Cassandra chose to ignore his unflattering description of her looks and prospects. ‘The Season costs money and requires planning. He will spend neither time nor money on me, although I am his only child.’ She knew she was sounding bitter, but she was beyond caring. ‘Yesterday at luncheon, he told me if I did not agree to marry Lord Offley, I would be shut in my room until I acquiesced, however long that took.’ She shuddered. ‘Have you met Lord Offley? He has a wet mouth, and he keeps wanting to touch…’

The Earl’s mobile mouth was drawn into a thin line of distaste. ‘I know him only too well, although he is not of my circle. Your instincts about him are quite correct and there are tales I could not possibly tell an innocent girl.’ He got to his feet and walked to the window, pulling back one of the drapes to stare out over the Square.

Cassandra could not read his mood, but she felt reassured by his anger on her behalf. When she was eight years old he had come to visit with his mother. He had rescued her kitten from a tree and she had thought him the most wonderful youth in the world. Now, regarding his broad shoulders, she felt the same security she had experienced when he had swung down from the tall oak clutching the terrified cat.

‘My lord,’ she began as the silence stretched on.

‘Nicholas, call me Nicholas,’ he said absently. ‘ My mother is your godmother so that makes us almost cousins or something very like.
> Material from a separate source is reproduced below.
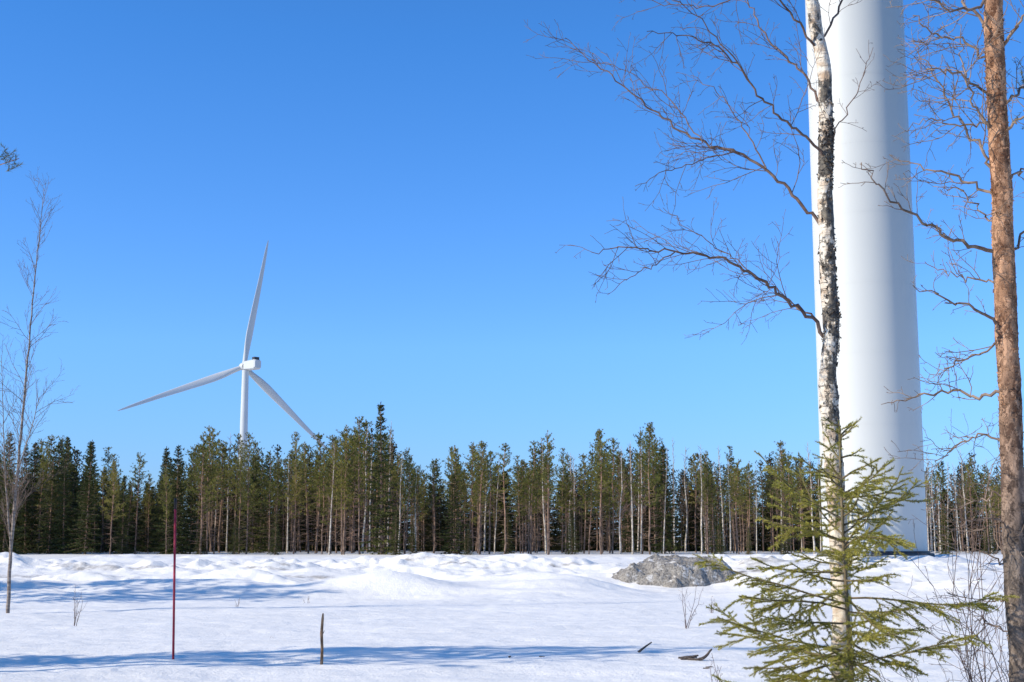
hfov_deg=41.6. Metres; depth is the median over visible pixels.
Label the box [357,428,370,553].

Let me think…’ Distantly there was a crash and the sound of splintering wood.

‘What the devil?’ Nicholas strode across the room and wrenched open the chamber door, Cassandra at his heels. Leaning over the landing balustrade, they had a bird’s-eye view of the hall below. Franklin, the valet, was flat on his back on the marble floor, one leg twisted beneath him with Peacock directing two footmen to lift a valise from his body. Shirts cascaded from the split leather and neck cloths fluttered on the splintered ends of the banisters.

Chapter Two

‘Is he all right?’ Nicholas called down.

The butler looked up. ‘I think not, my lord. He is unconscious and I fear his right leg is broken.’